[Stored records]
┄┄┄┄┄┄┄┄┄┄

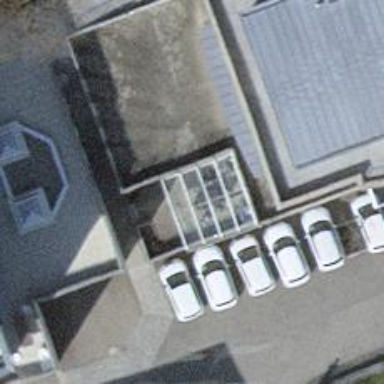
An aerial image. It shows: Car sharing facility.
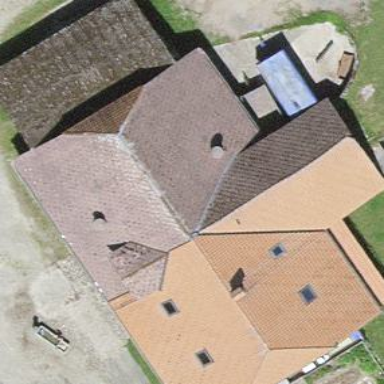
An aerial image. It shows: Farm building.
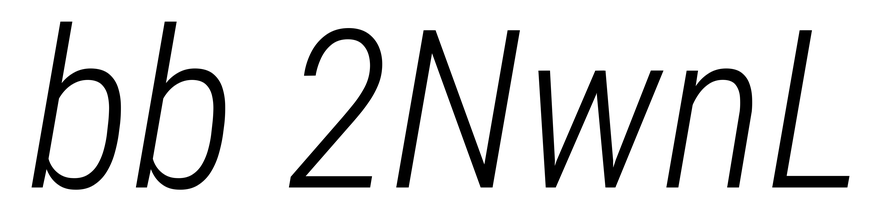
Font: Roboto-Italic_Condensed_Light_Italic
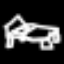
Label: bed
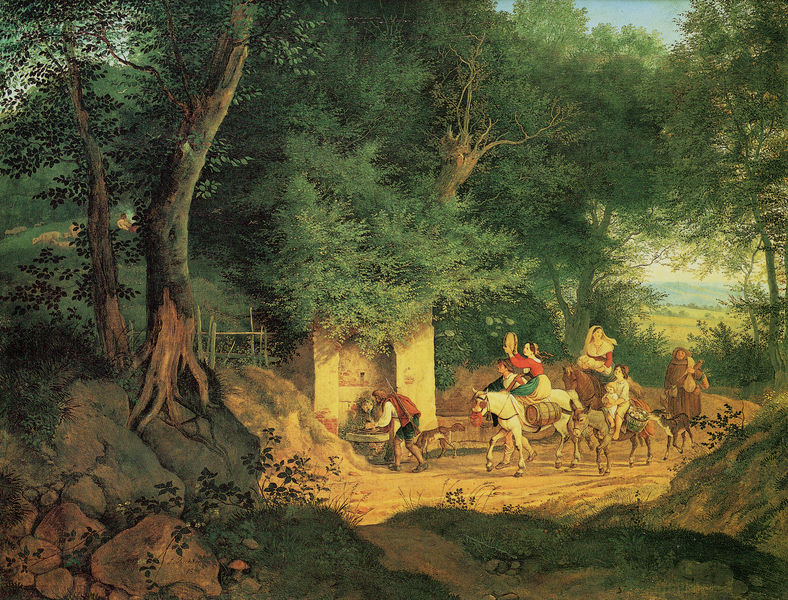
Titel: Brunnen bei Ariccia
Künstler: Adrian Ludwig Richter
Standort: Berlin
Institution: Alte Nationalgalerie
Schlagwörter: baum, berg, blau, blätter, dunkel, felsen, feuer, gemälde, himmel, laub, mann, schatten, umhang, wasser, weiß, baumstämme, bäume, frauen, gelb, grün, landschaft, menschen, mädchen, ocker, sand, sitzen, äste, abend, braun, frau, grau, hell, holz, kleid, kleider, licht, männer, schwarz, strasse, szene, tisch, ausblick, gras, haus, hund, hunde, rot, tier, tiere, tuch, weg, wiese, zaun, beige, gesellschaft, haube, malerei, hemd, trinken, architektur, mensch, stehen, stein, steine, tragen, ast, baumstamm, dämmerung, erde, felder, ferne, gräser, horizont, hügel, morgen, nass, natur, sonnenaufgang, stamm, weide, zweige, büsche, gatter, gehen, pfad, rauch, sonne, sträucher, wiesen, boden, kutte, mantel, familie, kind, mutter, blatt, musik, musiker, pflanze, pflanzen, wald, brunnen, esel, genre, kinder, pferd, pferde, reiter, sack, ranken, ausritt, reiten, reiterin, zaumzeug, zügel, schürze, sommer, genrebild, italien, abhang, heiß, last, reisig, schürzen, warm, berge, fels, hang, sonnenlicht, zug, mauer, sonnenuntergang, herde, latten, lattenzaun, naiv, baby, idylle, pause, rast, ziehen, wagen, böschung, stämme, korb, nazarener, flucht, nische, spitzweg, schaf, bücken, zigeuner, wurzel, zweig, idyll, lichtung, becken, waffe, tanne, fass, beutel, trommel, jagd, schimmel, damensitz, maultier, maultiere, kurve, baumgruppe, wurzeln, efeu, jäger, gewehr, jagdhund, reise, wanderer, rinde, wams, mönch, kühl, dicht, umzug, tränke, flinte, fässer, tränken, weinfass, fässchen, maria, hohlweg, reisende, waldweg, waldlandschaft, schafe, hirte, schäfer, ziege, wurzelwerk, wasserspeier, rasten, pilze, wasserstelle, franziskaner, pater, pilz, tambourin, tambourine, tamburin, lasten, schöpfen, quelle, reisen, schafherde, fohlen, farbenfroh, zicklein, durst, reisegruppe, waren, hans thoma, trommeln, hirt, baumwurzeln, brunnenfigur, reiterinnen, trenke, hudn, waldhütte, ritze, fliegenpilz, steinbrocken, mämmer, löwenbrunnen, fliegenpilze, fahrensleute, jäüger, pberde, trinkbrunnen, arkardien, berg am horizont, fahrendes volk, hundel
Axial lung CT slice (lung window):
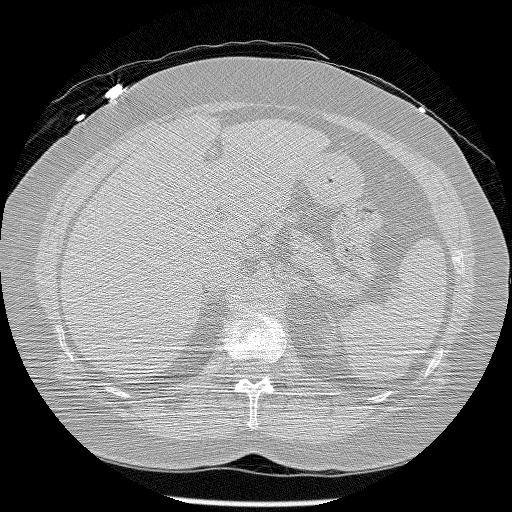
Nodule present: no
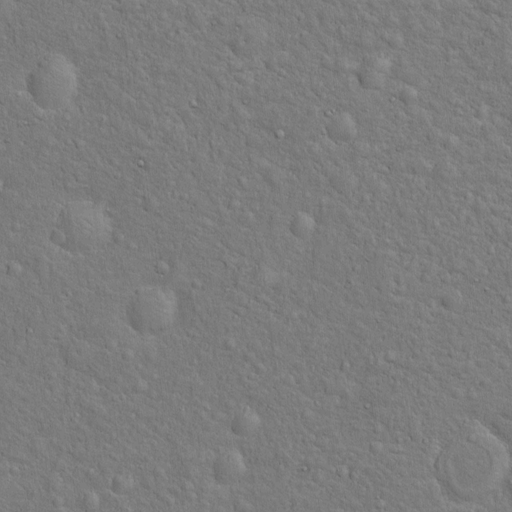
Classes present: Background
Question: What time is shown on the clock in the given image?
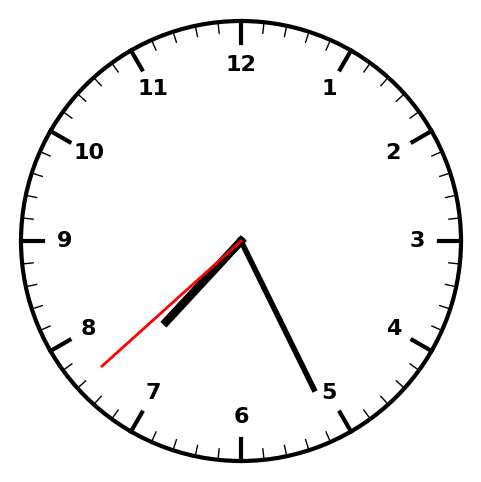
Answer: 07:25:38
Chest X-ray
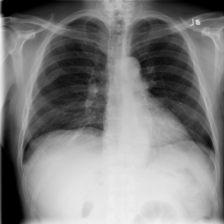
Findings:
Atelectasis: negative
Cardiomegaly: negative
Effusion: negative
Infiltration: negative
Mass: negative
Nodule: negative
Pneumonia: negative
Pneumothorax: negative
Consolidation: negative
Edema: negative
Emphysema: negative
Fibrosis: negative
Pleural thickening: negative
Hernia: negative
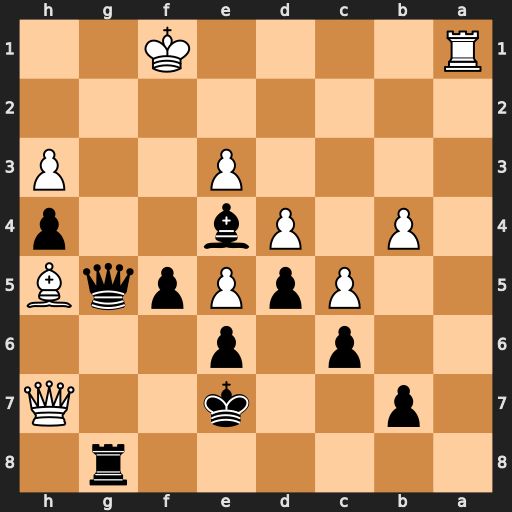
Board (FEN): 6r1/1p2k2Q/2p1p3/2PpPpqB/1P1Pb2p/4P2P/8/R4K2
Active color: b
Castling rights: -
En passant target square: -
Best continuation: Rg7 Qxg7+ Qxg7
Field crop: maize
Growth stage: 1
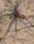
Species: salsola
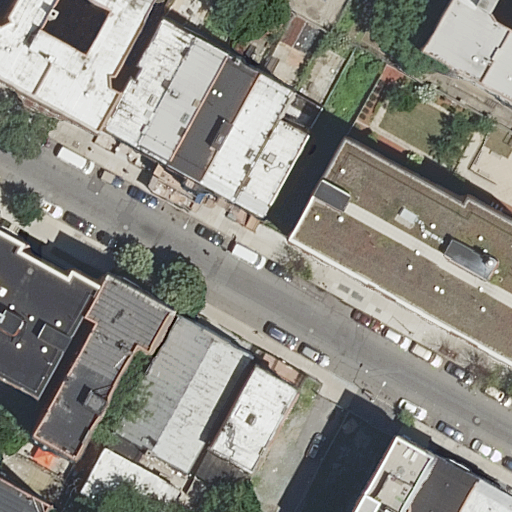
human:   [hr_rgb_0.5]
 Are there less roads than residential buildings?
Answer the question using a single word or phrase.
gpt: yes

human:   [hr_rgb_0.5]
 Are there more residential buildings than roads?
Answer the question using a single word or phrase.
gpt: yes

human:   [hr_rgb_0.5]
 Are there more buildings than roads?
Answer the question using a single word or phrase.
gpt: yes

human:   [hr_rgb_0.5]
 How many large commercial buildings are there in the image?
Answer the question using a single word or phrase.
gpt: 0

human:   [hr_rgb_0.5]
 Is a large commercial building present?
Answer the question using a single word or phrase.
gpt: no

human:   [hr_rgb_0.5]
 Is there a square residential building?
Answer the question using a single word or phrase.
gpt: no

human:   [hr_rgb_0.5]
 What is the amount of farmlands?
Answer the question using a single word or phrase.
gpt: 0

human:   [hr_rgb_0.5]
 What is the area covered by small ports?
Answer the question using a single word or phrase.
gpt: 0m2

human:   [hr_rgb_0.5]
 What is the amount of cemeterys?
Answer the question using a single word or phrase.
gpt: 0

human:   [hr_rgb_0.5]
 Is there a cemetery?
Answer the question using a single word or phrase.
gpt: no

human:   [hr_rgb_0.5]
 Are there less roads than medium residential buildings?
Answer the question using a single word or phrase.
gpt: yes

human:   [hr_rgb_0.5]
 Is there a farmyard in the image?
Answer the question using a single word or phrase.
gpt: no

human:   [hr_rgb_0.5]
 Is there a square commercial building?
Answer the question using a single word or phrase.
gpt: no

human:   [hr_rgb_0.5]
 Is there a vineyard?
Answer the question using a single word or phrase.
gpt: no

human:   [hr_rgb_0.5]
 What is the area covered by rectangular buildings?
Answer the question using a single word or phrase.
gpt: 2012m2

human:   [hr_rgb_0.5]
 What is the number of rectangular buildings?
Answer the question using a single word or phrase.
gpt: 12

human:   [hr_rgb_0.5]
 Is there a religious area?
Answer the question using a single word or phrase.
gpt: no

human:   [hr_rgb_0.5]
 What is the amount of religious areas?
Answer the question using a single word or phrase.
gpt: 0

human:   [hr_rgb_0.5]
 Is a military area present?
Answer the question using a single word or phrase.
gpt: no

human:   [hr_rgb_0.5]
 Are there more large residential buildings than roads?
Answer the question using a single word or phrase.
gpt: yes

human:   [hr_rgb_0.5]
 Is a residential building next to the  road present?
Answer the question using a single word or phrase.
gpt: yes

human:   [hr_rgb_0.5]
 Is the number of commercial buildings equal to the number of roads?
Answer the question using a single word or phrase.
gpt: no

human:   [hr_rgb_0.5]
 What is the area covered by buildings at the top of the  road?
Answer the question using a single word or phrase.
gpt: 2325m2

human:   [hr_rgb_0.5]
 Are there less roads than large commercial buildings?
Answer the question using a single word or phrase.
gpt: no

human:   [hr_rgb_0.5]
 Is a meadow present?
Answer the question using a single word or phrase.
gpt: no

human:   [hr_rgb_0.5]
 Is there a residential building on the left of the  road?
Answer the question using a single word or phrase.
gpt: yes

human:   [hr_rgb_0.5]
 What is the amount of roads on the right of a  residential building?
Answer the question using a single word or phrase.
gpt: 0

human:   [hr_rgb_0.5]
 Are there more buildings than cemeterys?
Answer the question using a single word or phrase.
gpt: yes

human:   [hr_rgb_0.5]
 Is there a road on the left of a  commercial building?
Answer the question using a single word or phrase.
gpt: no

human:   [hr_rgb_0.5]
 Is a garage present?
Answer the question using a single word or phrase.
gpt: no

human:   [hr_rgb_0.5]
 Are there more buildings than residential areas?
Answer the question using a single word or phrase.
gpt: yes

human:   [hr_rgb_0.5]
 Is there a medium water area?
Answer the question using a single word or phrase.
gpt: no

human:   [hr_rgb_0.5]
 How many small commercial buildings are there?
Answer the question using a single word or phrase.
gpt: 0

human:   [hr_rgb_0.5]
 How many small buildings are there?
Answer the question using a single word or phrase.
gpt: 3

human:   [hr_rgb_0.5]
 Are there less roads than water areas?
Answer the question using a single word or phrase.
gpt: no

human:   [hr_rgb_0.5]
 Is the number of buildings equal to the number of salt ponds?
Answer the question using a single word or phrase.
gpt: no

┄┄┄┄┄┄┄┄┄┄

• **Directions**: What is needed is a verbatim copy of every entry, with the pictures omitted.

• **Written answer**:
An aerial image. It shows: Car sharing facility.
An aerial image. It shows: Farm building.
Font: Roboto-Italic_Condensed_Light_Italic
Label: bed
Titel: Brunnen bei Ariccia
Künstler: Adrian Ludwig Richter
Standort: Berlin
Institution: Alte Nationalgalerie
Schlagwörter: baum, berg, blau, blätter, dunkel, felsen, feuer, gemälde, himmel, laub, mann, schatten, umhang, wasser, weiß, baumstämme, bäume, frauen, gelb, grün, landschaft, menschen, mädchen, ocker, sand, sitzen, äste, abend, braun, frau, grau, hell, holz, kleid, kleider, licht, männer, schwarz, strasse, szene, tisch, ausblick, gras, haus, hund, hunde, rot, tier, tiere, tuch, weg, wiese, zaun, beige, gesellschaft, haube, malerei, hemd, trinken, architektur, mensch, stehen, stein, steine, tragen, ast, baumstamm, dämmerung, erde, felder, ferne, gräser, horizont, hügel, morgen, nass, natur, sonnenaufgang, stamm, weide, zweige, büsche, gatter, gehen, pfad, rauch, sonne, sträucher, wiesen, boden, kutte, mantel, familie, kind, mutter, blatt, musik, musiker, pflanze, pflanzen, wald, brunnen, esel, genre, kinder, pferd, pferde, reiter, sack, ranken, ausritt, reiten, reiterin, zaumzeug, zügel, schürze, sommer, genrebild, italien, abhang, heiß, last, reisig, schürzen, warm, berge, fels, hang, sonnenlicht, zug, mauer, sonnenuntergang, herde, latten, lattenzaun, naiv, baby, idylle, pause, rast, ziehen, wagen, böschung, stämme, korb, nazarener, flucht, nische, spitzweg, schaf, bücken, zigeuner, wurzel, zweig, idyll, lichtung, becken, waffe, tanne, fass, beutel, trommel, jagd, schimmel, damensitz, maultier, maultiere, kurve, baumgruppe, wurzeln, efeu, jäger, gewehr, jagdhund, reise, wanderer, rinde, wams, mönch, kühl, dicht, umzug, tränke, flinte, fässer, tränken, weinfass, fässchen, maria, hohlweg, reisende, waldweg, waldlandschaft, schafe, hirte, schäfer, ziege, wurzelwerk, wasserspeier, rasten, pilze, wasserstelle, franziskaner, pater, pilz, tambourin, tambourine, tamburin, lasten, schöpfen, quelle, reisen, schafherde, fohlen, farbenfroh, zicklein, durst, reisegruppe, waren, hans thoma, trommeln, hirt, baumwurzeln, brunnenfigur, reiterinnen, trenke, hudn, waldhütte, ritze, fliegenpilz, steinbrocken, mämmer, löwenbrunnen, fliegenpilze, fahrensleute, jäüger, pberde, trinkbrunnen, arkardien, berg am horizont, fahrendes volk, hundel
Axial lung CT slice (lung window):
Nodule present: no
Classes present: Background
Question: What time is shown on the clock in the given image?
Answer: 07:25:38
Chest X-ray
Findings:
Atelectasis: negative
Cardiomegaly: negative
Effusion: negative
Infiltration: negative
Mass: negative
Nodule: negative
Pneumonia: negative
Pneumothorax: negative
Consolidation: negative
Edema: negative
Emphysema: negative
Fibrosis: negative
Pleural thickening: negative
Hernia: negative
Board (FEN): 6r1/1p2k2Q/2p1p3/2PpPpqB/1P1Pb2p/4P2P/8/R4K2
Active color: b
Castling rights: -
En passant target square: -
Best continuation: Rg7 Qxg7+ Qxg7
Field crop: maize
Growth stage: 1
Species: salsola
human:   [hr_rgb_0.5]
 Are there less roads than residential buildings?
Answer the question using a single word or phrase.
gpt: yes

human:   [hr_rgb_0.5]
 Are there more residential buildings than roads?
Answer the question using a single word or phrase.
gpt: yes

human:   [hr_rgb_0.5]
 Are there more buildings than roads?
Answer the question using a single word or phrase.
gpt: yes

human:   [hr_rgb_0.5]
 How many large commercial buildings are there in the image?
Answer the question using a single word or phrase.
gpt: 0

human:   [hr_rgb_0.5]
 Is a large commercial building present?
Answer the question using a single word or phrase.
gpt: no

human:   [hr_rgb_0.5]
 Is there a square residential building?
Answer the question using a single word or phrase.
gpt: no

human:   [hr_rgb_0.5]
 What is the amount of farmlands?
Answer the question using a single word or phrase.
gpt: 0

human:   [hr_rgb_0.5]
 What is the area covered by small ports?
Answer the question using a single word or phrase.
gpt: 0m2

human:   [hr_rgb_0.5]
 What is the amount of cemeterys?
Answer the question using a single word or phrase.
gpt: 0

human:   [hr_rgb_0.5]
 Is there a cemetery?
Answer the question using a single word or phrase.
gpt: no

human:   [hr_rgb_0.5]
 Are there less roads than medium residential buildings?
Answer the question using a single word or phrase.
gpt: yes

human:   [hr_rgb_0.5]
 Is there a farmyard in the image?
Answer the question using a single word or phrase.
gpt: no

human:   [hr_rgb_0.5]
 Is there a square commercial building?
Answer the question using a single word or phrase.
gpt: no

human:   [hr_rgb_0.5]
 Is there a vineyard?
Answer the question using a single word or phrase.
gpt: no

human:   [hr_rgb_0.5]
 What is the area covered by rectangular buildings?
Answer the question using a single word or phrase.
gpt: 2012m2

human:   [hr_rgb_0.5]
 What is the number of rectangular buildings?
Answer the question using a single word or phrase.
gpt: 12

human:   [hr_rgb_0.5]
 Is there a religious area?
Answer the question using a single word or phrase.
gpt: no

human:   [hr_rgb_0.5]
 What is the amount of religious areas?
Answer the question using a single word or phrase.
gpt: 0

human:   [hr_rgb_0.5]
 Is a military area present?
Answer the question using a single word or phrase.
gpt: no

human:   [hr_rgb_0.5]
 Are there more large residential buildings than roads?
Answer the question using a single word or phrase.
gpt: yes

human:   [hr_rgb_0.5]
 Is a residential building next to the  road present?
Answer the question using a single word or phrase.
gpt: yes

human:   [hr_rgb_0.5]
 Is the number of commercial buildings equal to the number of roads?
Answer the question using a single word or phrase.
gpt: no

human:   [hr_rgb_0.5]
 What is the area covered by buildings at the top of the  road?
Answer the question using a single word or phrase.
gpt: 2325m2

human:   [hr_rgb_0.5]
 Are there less roads than large commercial buildings?
Answer the question using a single word or phrase.
gpt: no

human:   [hr_rgb_0.5]
 Is a meadow present?
Answer the question using a single word or phrase.
gpt: no

human:   [hr_rgb_0.5]
 Is there a residential building on the left of the  road?
Answer the question using a single word or phrase.
gpt: yes

human:   [hr_rgb_0.5]
 What is the amount of roads on the right of a  residential building?
Answer the question using a single word or phrase.
gpt: 0

human:   [hr_rgb_0.5]
 Are there more buildings than cemeterys?
Answer the question using a single word or phrase.
gpt: yes

human:   [hr_rgb_0.5]
 Is there a road on the left of a  commercial building?
Answer the question using a single word or phrase.
gpt: no

human:   [hr_rgb_0.5]
 Is a garage present?
Answer the question using a single word or phrase.
gpt: no

human:   [hr_rgb_0.5]
 Are there more buildings than residential areas?
Answer the question using a single word or phrase.
gpt: yes

human:   [hr_rgb_0.5]
 Is there a medium water area?
Answer the question using a single word or phrase.
gpt: no

human:   [hr_rgb_0.5]
 How many small commercial buildings are there?
Answer the question using a single word or phrase.
gpt: 0

human:   [hr_rgb_0.5]
 How many small buildings are there?
Answer the question using a single word or phrase.
gpt: 3

human:   [hr_rgb_0.5]
 Are there less roads than water areas?
Answer the question using a single word or phrase.
gpt: no

human:   [hr_rgb_0.5]
 Is the number of buildings equal to the number of salt ponds?
Answer the question using a single word or phrase.
gpt: no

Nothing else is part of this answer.